* _DATA FOR THIS EXERCISE_

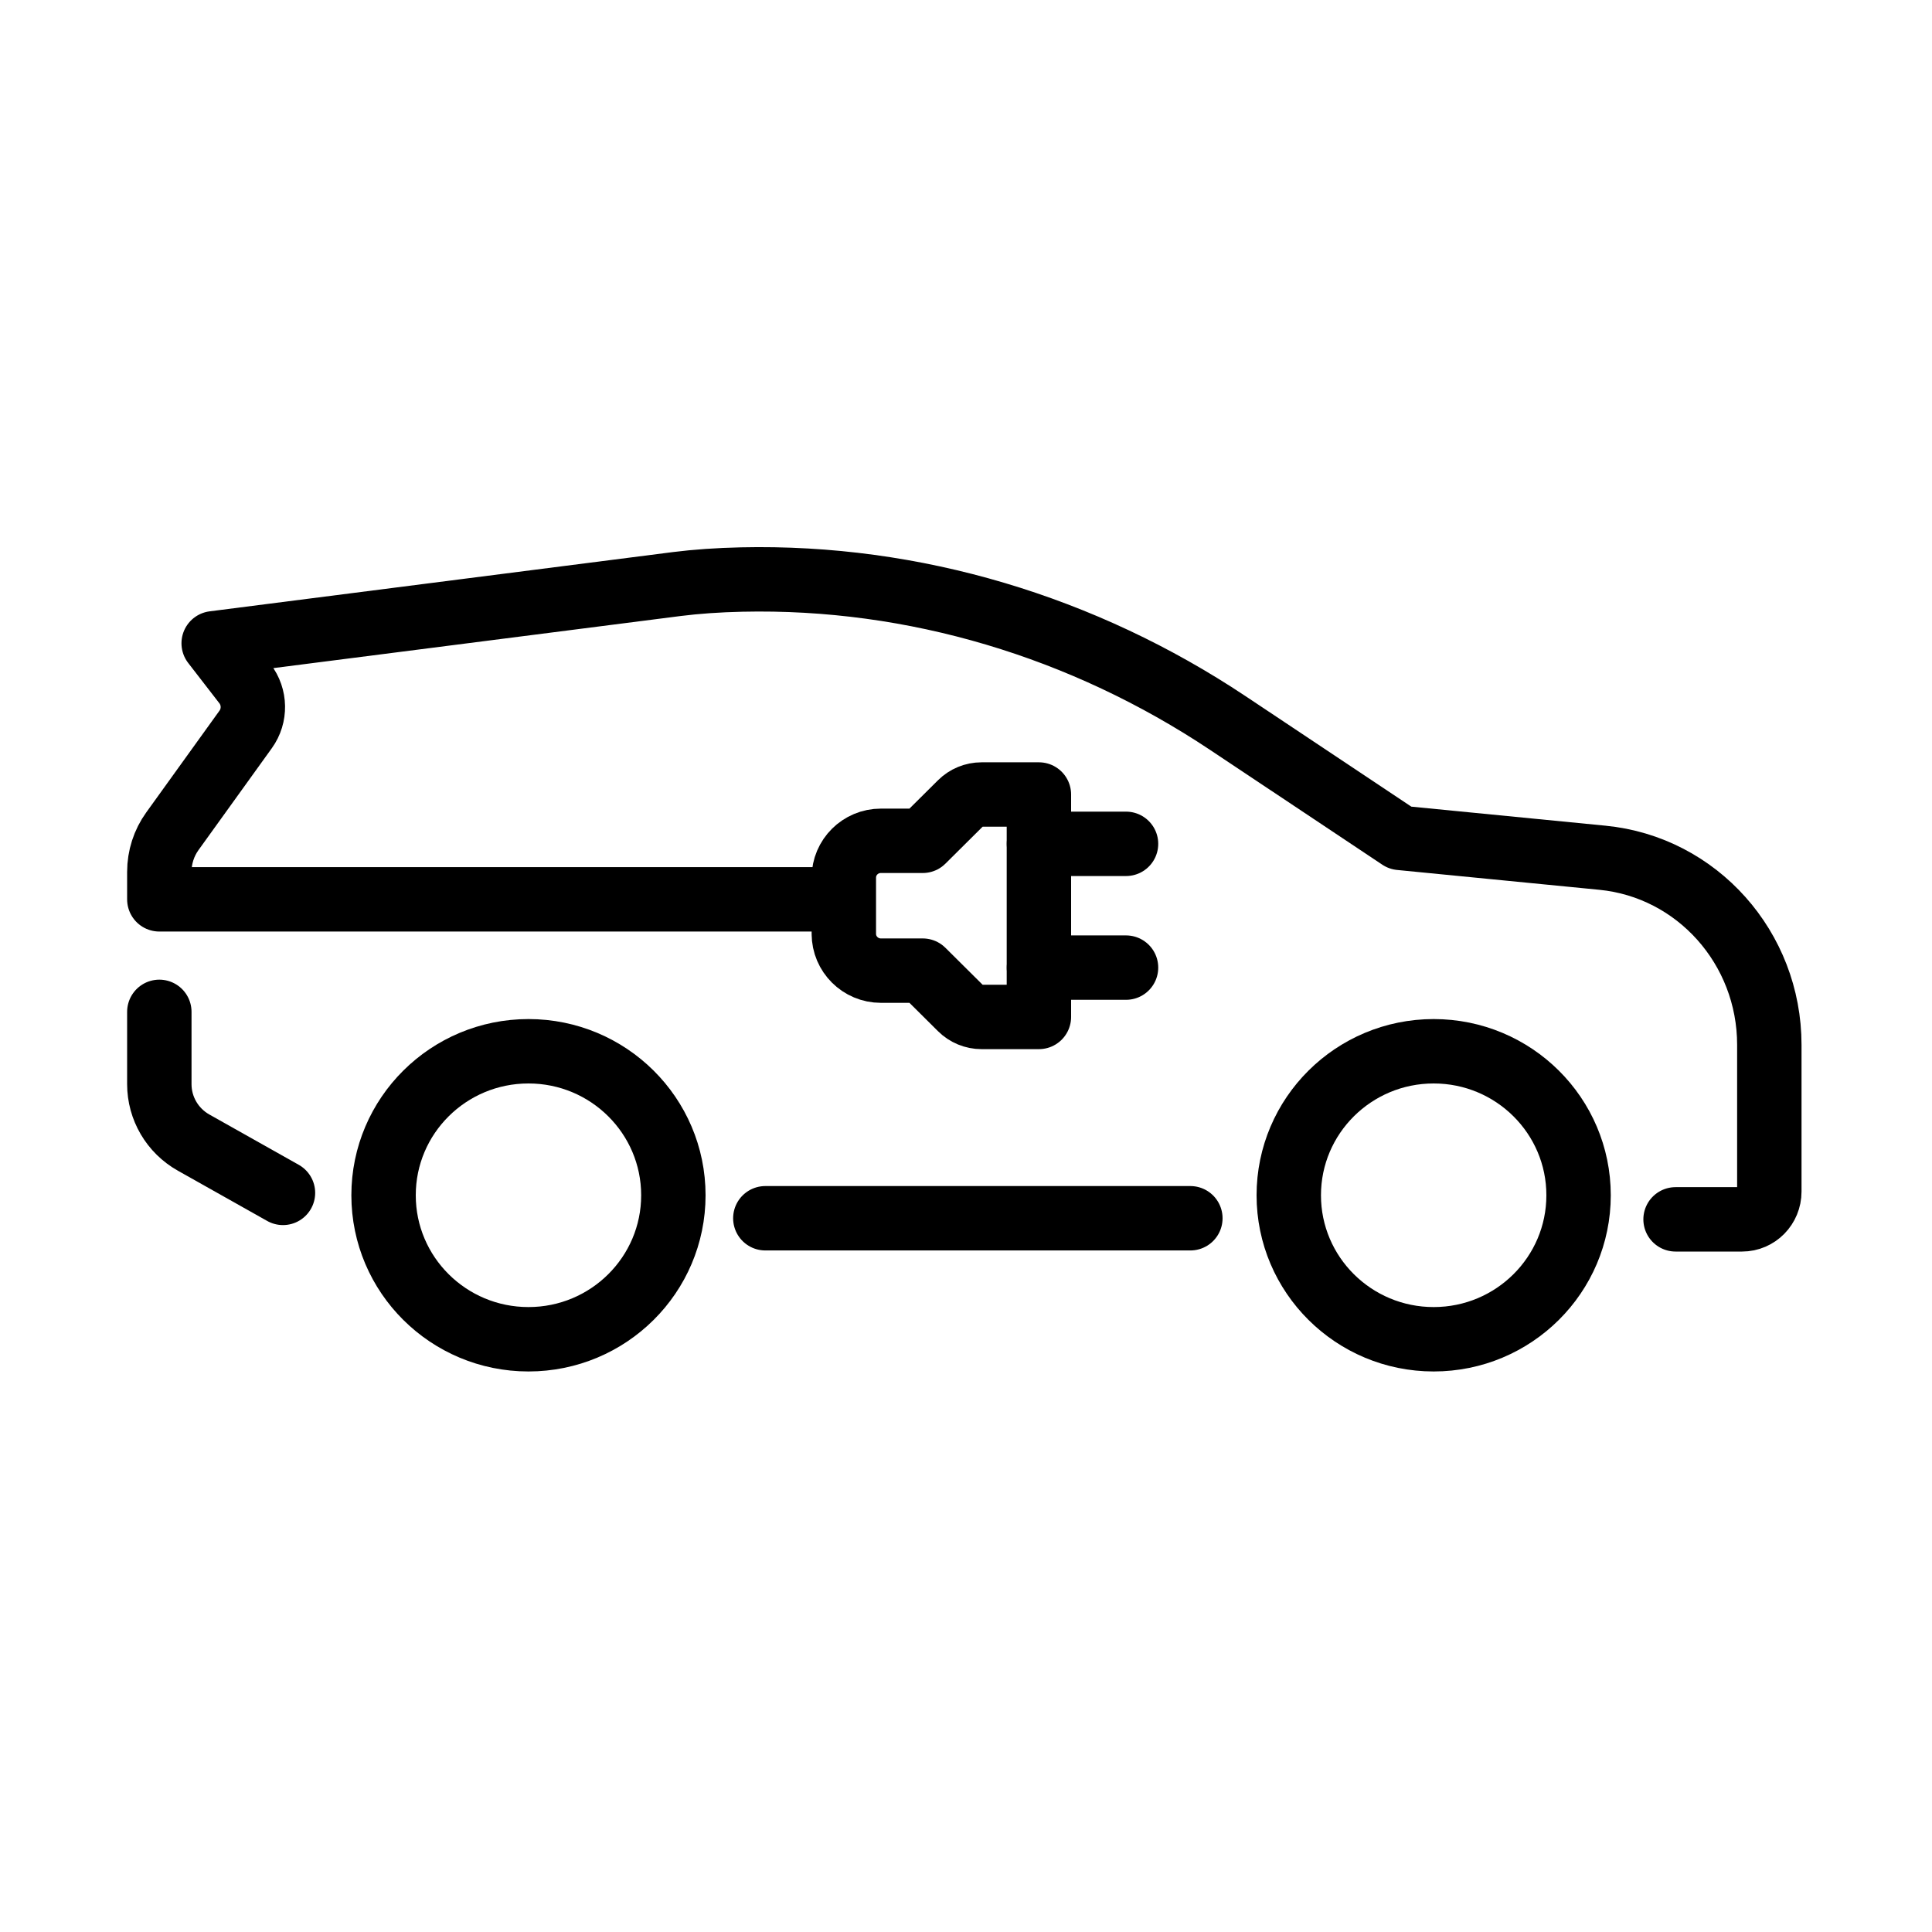 <?xml version="1.0" encoding="UTF-8"?>
<svg id="Capa_1" data-name="Capa 1" xmlns="http://www.w3.org/2000/svg" viewBox="0 0 300 300">
  <defs>
    <style>
      .cls-1 {
        stroke-miterlimit: 10;
      }

      .cls-1, .cls-2 {
        fill: none;
        stroke: #000;
        stroke-width: 10px;
      }

      .cls-2 {
        stroke-linecap: round;
        stroke-linejoin: round;
      }
    </style>
  </defs>
  <path class="cls-2" d="m260.18,189.34h10.33c2.34,0,4.23-1.93,4.23-4.31v-22.79c0-15.03-11.21-27.61-25.92-29.05l-31.4-3.08-26.77-17.84c-22.41-14.93-48.7-22.88-75.48-22.28-3.67.08-7.07.32-10.07.7l-71.92,9.2,4.85,6.27c1.6,2.07,1.65,4.98.12,7.1l-11.38,15.81c-1.32,1.83-2.03,4.04-2.03,6.31v4.27h105.59"/>
  <path class="cls-2" d="m43.94,185.23l-13.88-7.81c-3.29-1.85-5.32-5.32-5.32-9.07v-11.23"/>
  <line class="cls-2" x1="184.84" y1="189.17" x2="118.84" y2="189.17"/>
  <ellipse class="cls-1" cx="222.62" cy="185.6" rx="22.5" ry="22.36"/>
  <ellipse class="cls-1" cx="82.06" cy="185.6" rx="22.5" ry="22.36"/>
  <path class="cls-2" d="m131.03,145c0,3.16,2.58,5.72,5.75,5.72h6.5l5.89,5.85c.86.86,2.03,1.34,3.25,1.34h8.9v-34.54h-8.9c-1.22,0-2.39.48-3.25,1.34l-5.89,5.85h-6.5c-3.18,0-5.75,2.56-5.75,5.72v8.73Z"/>
  <g>
    <line class="cls-2" x1="161.33" y1="131.03" x2="174.85" y2="131.03"/>
    <line class="cls-2" x1="161.33" y1="150.25" x2="174.85" y2="150.25"/>
  </g>
</svg>

* _YOUR ASSIGNMENT_
What is wanted is one number: how many lines in the listing hold the string "stroke".

* _COMPLETED TASK_
5